Your goal
Print every entry word for word, but omit the pictures.

The records
'''

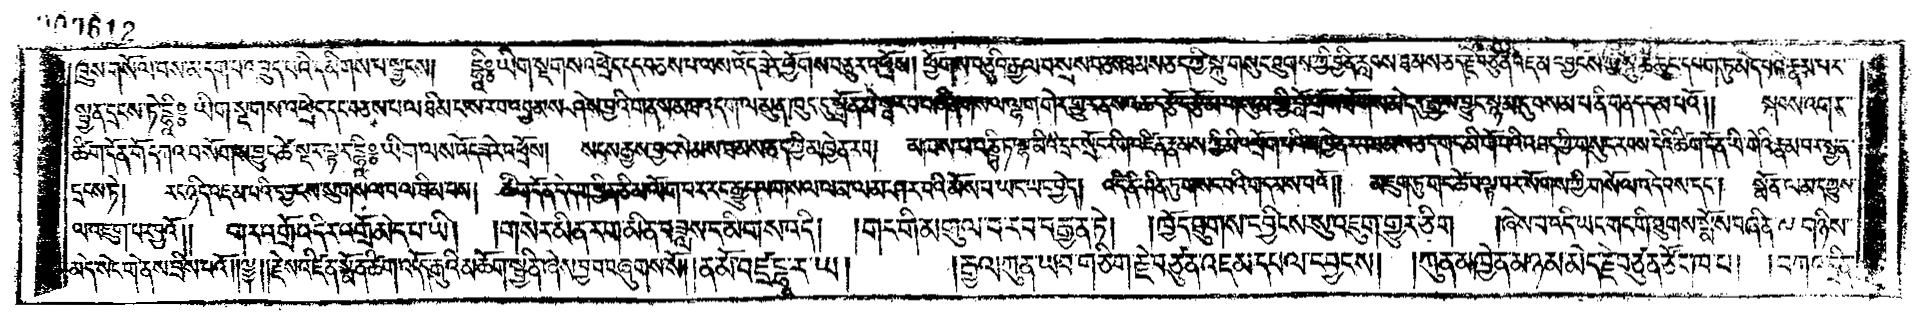ཁྲུས་གསོལ་བས་མ་དག་པ་འཁྲུད་པའི་དམིགས་པ་སྦྱངས། དྷཱིཿ ཡིག་སྔགས་འཕྲེང་དང་བཅས་པ་ལས་འོད་ཟེར་ཕྱོགས་བཅུར་འཕྲོས། ཕྱོགས་བཅུའི་རྒྱལ་བ་སྲས་བཅས་ཐམས་ཅད་ཀྱི་སྐུ་གསུང་ཐུགས་ཀྱི་བྱིན་རླབས་ཐམས་ཅད་རྗེ་བཙུན་འཇམ་དབྱངས་ཀྱི་སྐུ་ཆེ་ཆུང་དཔག་ཏུ་མེད་པའི་རྣམ་པར་
སྤྱན་དྲངས་ཏེ་དྷཱིཿ ཡིག་སྔགས་འཕྲེང་དང་བཅས་པ་ལ་ཐིམ་པས་རབ་འབྱམས་ཤེས་བྱའི་གནས་མཐའ་དག་ལ་མུན་ཁུང་དུ་སྒྲོན་མེ་སྦར་བ་བཞིན་གསལ་ལྷག་གེར་གྱུར་ནས་འཆད་རྩོད་རྩོམ་གསུམ་གྱི་བློ་གྲོས་ཐོགས་མེད་དུ་རྒྱས་བྱུང་སྙམ་དུ་བསམ་པ་ནི་གནད་དམ་པའོ། །སྐབས་འགར་
ཚིག་དོན་གོ་དཀའ་བ་སོགས་བྱུང་ཚེ་སྔར་ལྟར་དྷཱིཿ ཡིག་ལས་འོད་ཟེར་འཕྲོས། སངས་རྒྱས་བྱང་སེམས་ཐམས་ཅད་ཀྱི་མཁྱེན་རབ། མཁས་པ་པཎྚི་ཏ་ལྷ་མིའི་དྲང་སྲོང་རིག་འཛིན་རྣམས་ཀྱི་མི་འཕྲོག་པའི་མཁྱེན་རབ་ཐམས་ཅད་གང་མི་གོ་བའི་འཐད་ཀྱི་གསུང་རབས་དེའི་ཚིག་དོན་ཡི་གེའི་རྣམ་པར་སྤྱན་
དྲངས་ཏེ། རང་ཉིད་འཇམ་པའི་དབྱངས་སུ་གསལ་བ་ལ་ཐིམ་པས། ཚིག་དོན་དེ་དག་ཕྱིན་ཅི་མ་ལོག་པར་རང་རྒྱུད་ལ་གསལ་ལམ་ལམ་ཤར་བའི་མོས་པ་ཡང་ཡང་བྱེད། འདི་ནི་ཤིན་ཏུ་གསང་བའི་གདམས་པའོ། །མཇུག་ཏུ་གང་ཚེ་བལྟ་བར་སོགས་ཀྱི་གསོལ་འདེབས་དང་། སྨོན་ལམ་དཀྱུས་
ལ་འཇུག་པར་བྱའོ།། གར་འགྲོ་འདིར་འགྲོ་མེད་པ་ཡི། །གསེར་མིན་རག་མིན་བཟླས་དམིགས་འདི། །གང་གི་མགུལ་བ་རབ་བརྒྱན་ཏེ། །ཁྱོད་ཐུགས་དབྱིངས་སུ་འཇུག་གྱུར་ཅིག །ཞེས་པ་འདི་ཡང་གང་གི་ཐུགས་སྨོས་བཞིན་༧་གཉིས་
མེད་སེང་གེ་ནས་བྲིས་པའོ།། ༈ །།རྗེས་འཛིན་སྨོན་ཚིག་འདོད་རྒུའི་མཆོག་སྦྱིན་ཞེས་བྱ་བ་བཞུགས་སོ། །ན་མོ་བཛྲ་དྷཱ་ར་ཡ། །རྒྱལ་ཀུན་ཡབ་གཅིག་རྗེ་བཙུན་འཇམ་དཔལ་དབྱངས། །ཀུན་མཁྱེན་མཉམ་མེད་རྗེ་བཙུན་ཙོང་ཁ་པ། །བཀའ་དྲིན་

'''

Response to the task
ཁྲུས་གསོལ་བས་མ་དག་པ་འཁྲུད་པའི་དམིགས་པ་སྦྱངས། དྷཱིཿ ཡིག་སྔགས་འཕྲེང་དང་བཅས་པ་ལས་འོད་ཟེར་ཕྱོགས་བཅུར་འཕྲོས། ཕྱོགས་བཅུའི་རྒྱལ་བ་སྲས་བཅས་ཐམས་ཅད་ཀྱི་སྐུ་གསུང་ཐུགས་ཀྱི་བྱིན་རླབས་ཐམས་ཅད་རྗེ་བཙུན་འཇམ་དབྱངས་ཀྱི་སྐུ་ཆེ་ཆུང་དཔག་ཏུ་མེད་པའི་རྣམ་པར་
སྤྱན་དྲངས་ཏེ་དྷཱིཿ ཡིག་སྔགས་འཕྲེང་དང་བཅས་པ་ལ་ཐིམ་པས་རབ་འབྱམས་ཤེས་བྱའི་གནས་མཐའ་དག་ལ་མུན་ཁུང་དུ་སྒྲོན་མེ་སྦར་བ་བཞིན་གསལ་ལྷག་གེར་གྱུར་ནས་འཆད་རྩོད་རྩོམ་གསུམ་གྱི་བློ་གྲོས་ཐོགས་མེད་དུ་རྒྱས་བྱུང་སྙམ་དུ་བསམ་པ་ནི་གནད་དམ་པའོ། །སྐབས་འགར་
ཚིག་དོན་གོ་དཀའ་བ་སོགས་བྱུང་ཚེ་སྔར་ལྟར་དྷཱིཿ ཡིག་ལས་འོད་ཟེར་འཕྲོས། སངས་རྒྱས་བྱང་སེམས་ཐམས་ཅད་ཀྱི་མཁྱེན་རབ། མཁས་པ་པཎྚི་ཏ་ལྷ་མིའི་དྲང་སྲོང་རིག་འཛིན་རྣམས་ཀྱི་མི་འཕྲོག་པའི་མཁྱེན་རབ་ཐམས་ཅད་གང་མི་གོ་བའི་འཐད་ཀྱི་གསུང་རབས་དེའི་ཚིག་དོན་ཡི་གེའི་རྣམ་པར་སྤྱན་
དྲངས་ཏེ། རང་ཉིད་འཇམ་པའི་དབྱངས་སུ་གསལ་བ་ལ་ཐིམ་པས། ཚིག་དོན་དེ་དག་ཕྱིན་ཅི་མ་ལོག་པར་རང་རྒྱུད་ལ་གསལ་ལམ་ལམ་ཤར་བའི་མོས་པ་ཡང་ཡང་བྱེད། འདི་ནི་ཤིན་ཏུ་གསང་བའི་གདམས་པའོ། །མཇུག་ཏུ་གང་ཚེ་བལྟ་བར་སོགས་ཀྱི་གསོལ་འདེབས་དང་། སྨོན་ལམ་དཀྱུས་
ལ་འཇུག་པར་བྱའོ།། གར་འགྲོ་འདིར་འགྲོ་མེད་པ་ཡི། །གསེར་མིན་རག་མིན་བཟླས་དམིགས་འདི། །གང་གི་མགུལ་བ་རབ་བརྒྱན་ཏེ། །ཁྱོད་ཐུགས་དབྱིངས་སུ་འཇུག་གྱུར་ཅིག །ཞེས་པ་འདི་ཡང་གང་གི་ཐུགས་སྨོས་བཞིན་༧་གཉིས་
མེད་སེང་གེ་ནས་བྲིས་པའོ།། ༈ །།རྗེས་འཛིན་སྨོན་ཚིག་འདོད་རྒུའི་མཆོག་སྦྱིན་ཞེས་བྱ་བ་བཞུགས་སོ། །ན་མོ་བཛྲ་དྷཱ་ར་ཡ། །རྒྱལ་ཀུན་ཡབ་གཅིག་རྗེ་བཙུན་འཇམ་དཔལ་དབྱངས། །ཀུན་མཁྱེན་མཉམ་མེད་རྗེ་བཙུན་ཙོང་ཁ་པ། །བཀའ་དྲིན་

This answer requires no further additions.